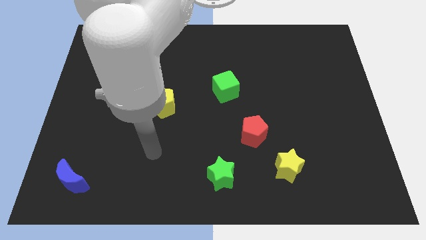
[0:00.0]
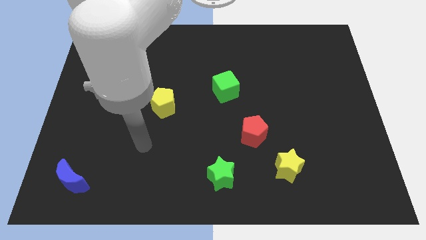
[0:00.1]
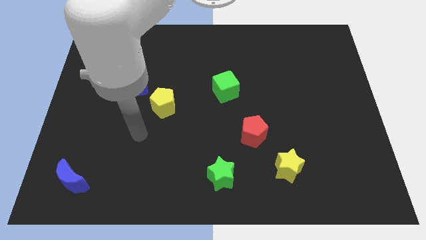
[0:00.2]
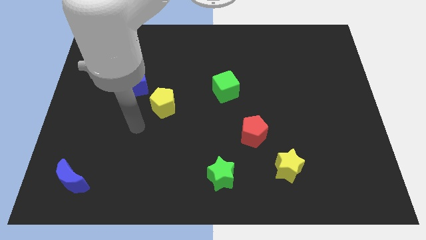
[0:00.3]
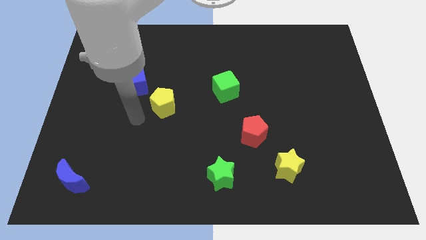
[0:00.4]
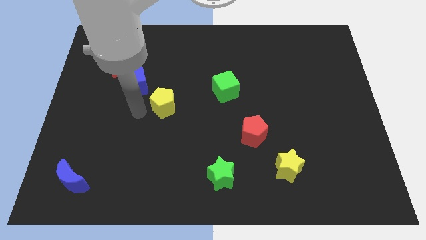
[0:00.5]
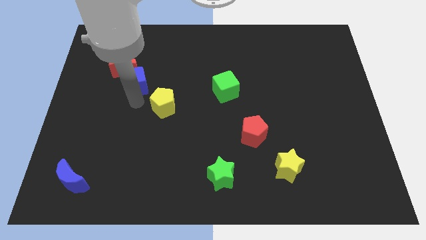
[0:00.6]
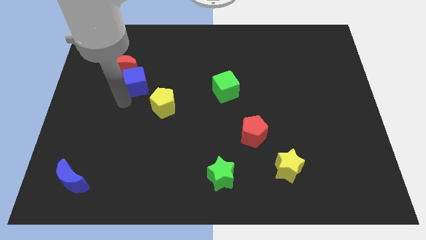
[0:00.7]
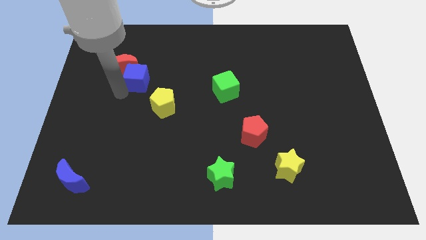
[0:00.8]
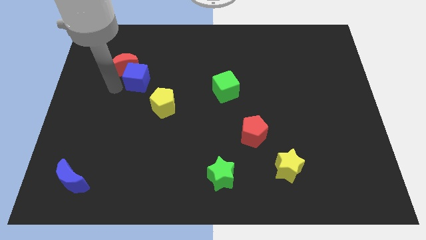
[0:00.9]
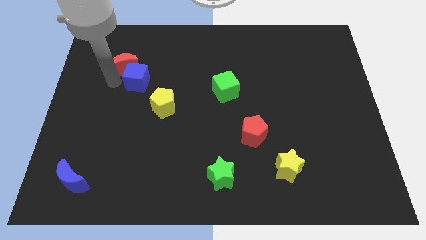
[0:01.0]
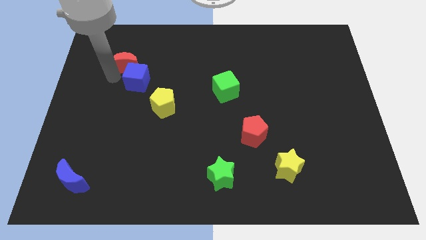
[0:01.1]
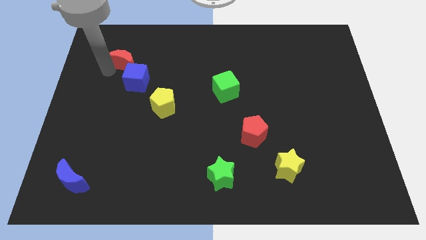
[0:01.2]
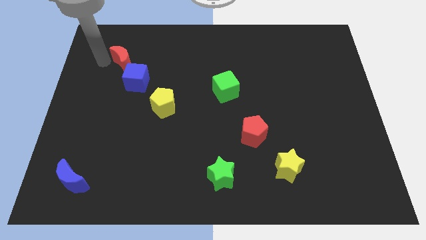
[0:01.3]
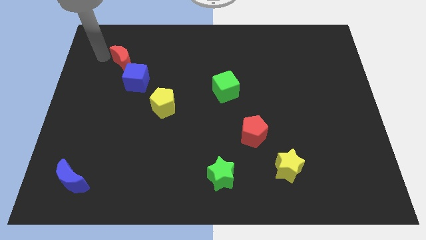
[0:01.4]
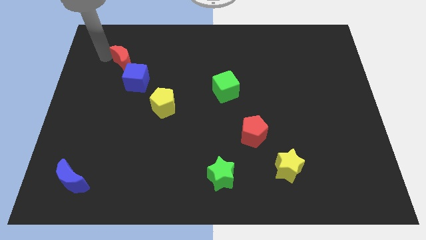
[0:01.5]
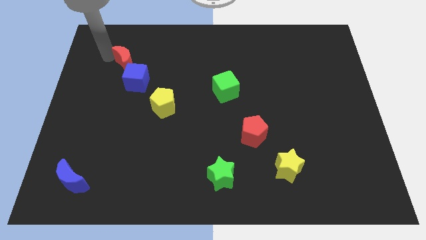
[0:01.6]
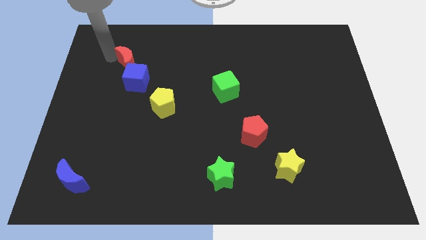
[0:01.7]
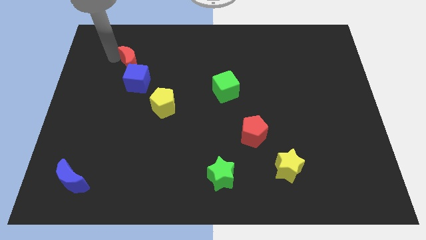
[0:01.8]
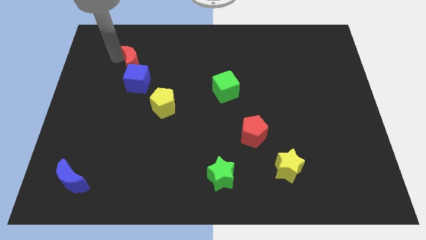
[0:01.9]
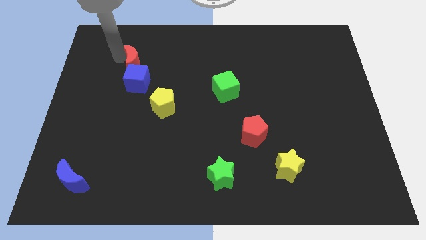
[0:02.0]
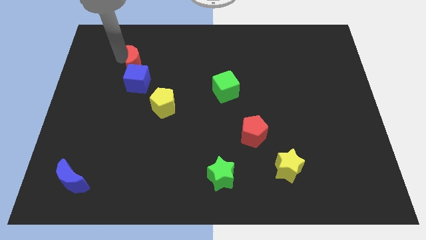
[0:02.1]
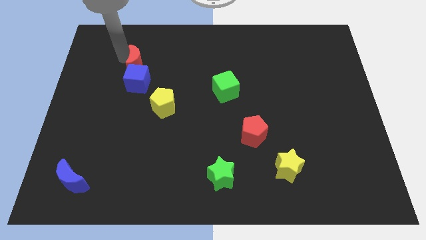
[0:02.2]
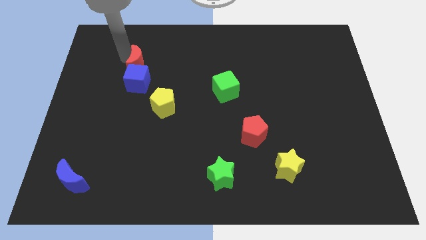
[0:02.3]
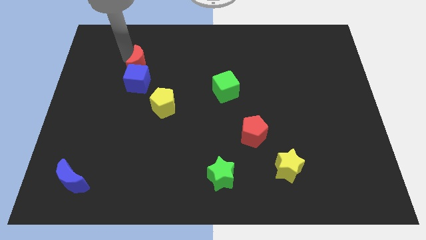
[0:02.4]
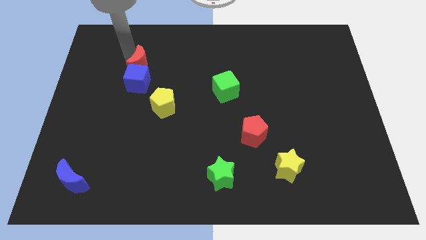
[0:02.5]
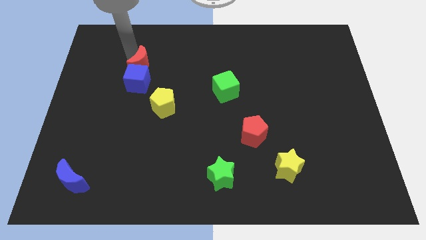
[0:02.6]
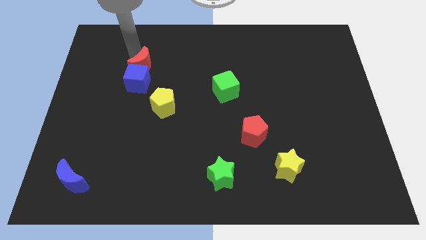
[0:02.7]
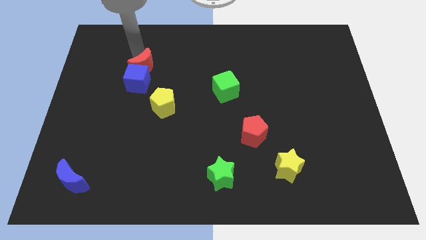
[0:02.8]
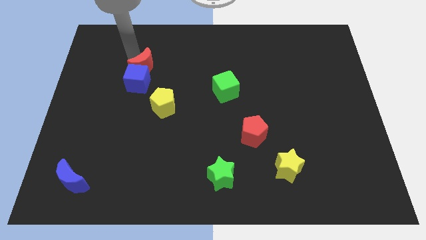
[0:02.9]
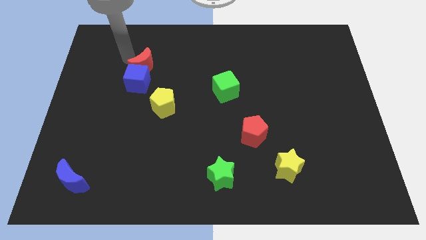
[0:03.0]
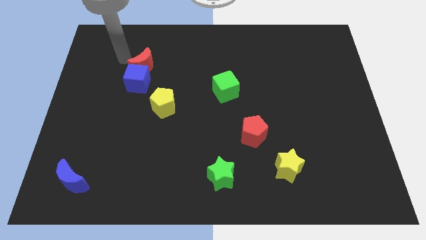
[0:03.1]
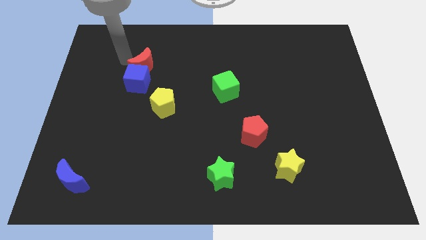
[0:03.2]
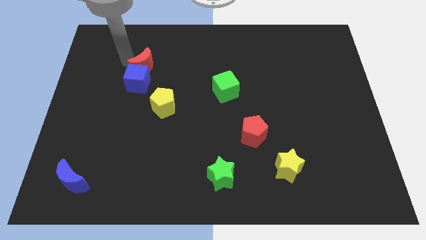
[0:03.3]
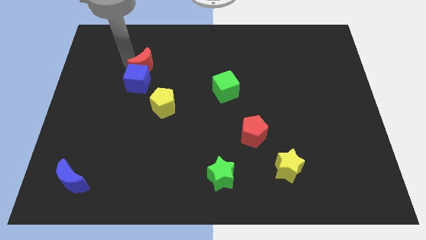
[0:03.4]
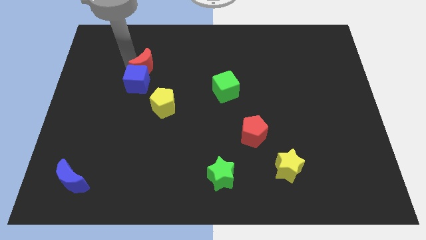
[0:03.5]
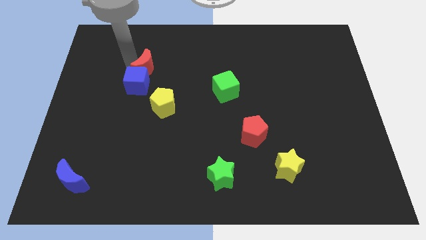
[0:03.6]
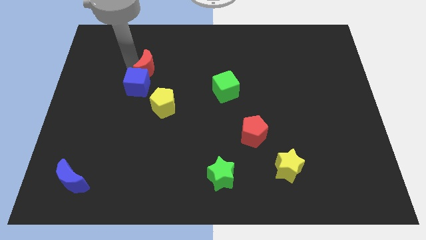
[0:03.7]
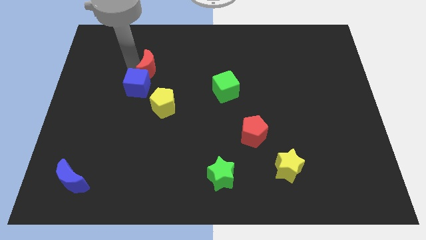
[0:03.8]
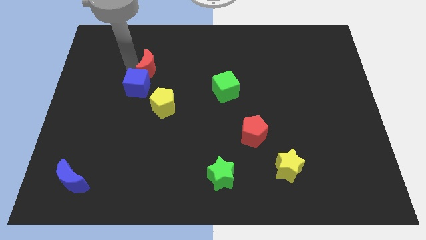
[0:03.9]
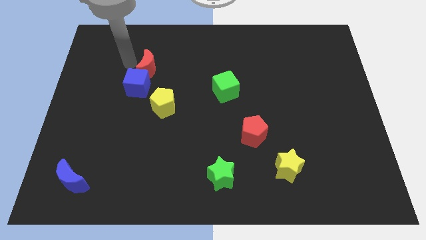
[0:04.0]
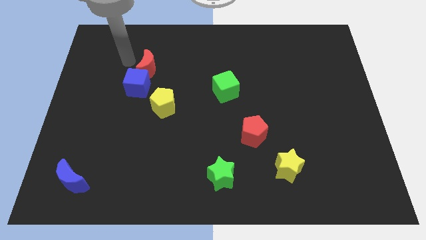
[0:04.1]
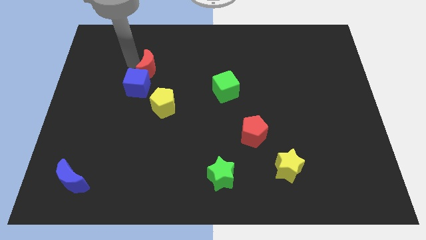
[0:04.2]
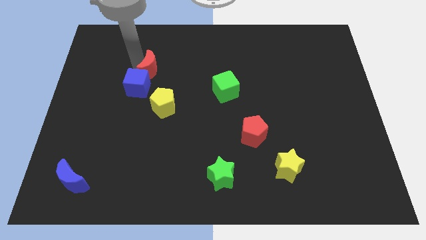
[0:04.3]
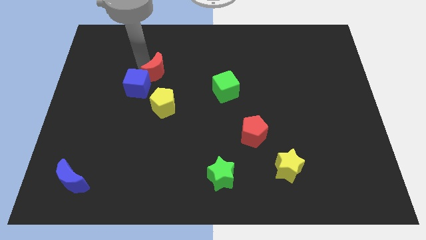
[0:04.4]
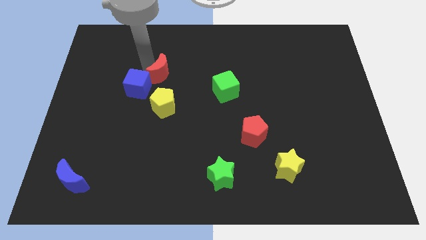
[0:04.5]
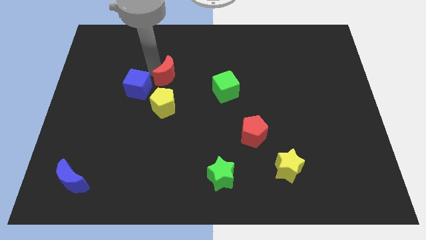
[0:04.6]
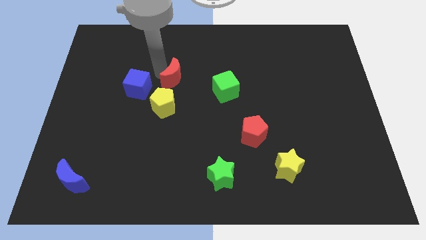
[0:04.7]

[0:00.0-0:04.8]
push the red moon to the center

▶ [Exercise] Everything in the listing above, apart from its pictures, must be repeated exactly.

▶ [Exercise solution]
[0:00.0]
[0:00.1]
[0:00.2]
[0:00.3]
[0:00.4]
[0:00.5]
[0:00.6]
[0:00.7]
[0:00.8]
[0:00.9]
[0:01.0]
[0:01.1]
[0:01.2]
[0:01.3]
[0:01.4]
[0:01.5]
[0:01.6]
[0:01.7]
[0:01.8]
[0:01.9]
[0:02.0]
[0:02.1]
[0:02.2]
[0:02.3]
[0:02.4]
[0:02.5]
[0:02.6]
[0:02.7]
[0:02.8]
[0:02.9]
[0:03.0]
[0:03.1]
[0:03.2]
[0:03.3]
[0:03.4]
[0:03.5]
[0:03.6]
[0:03.7]
[0:03.8]
[0:03.9]
[0:04.0]
[0:04.1]
[0:04.2]
[0:04.3]
[0:04.4]
[0:04.5]
[0:04.6]
[0:04.7]

[0:00.0-0:04.8]
push the red moon to the center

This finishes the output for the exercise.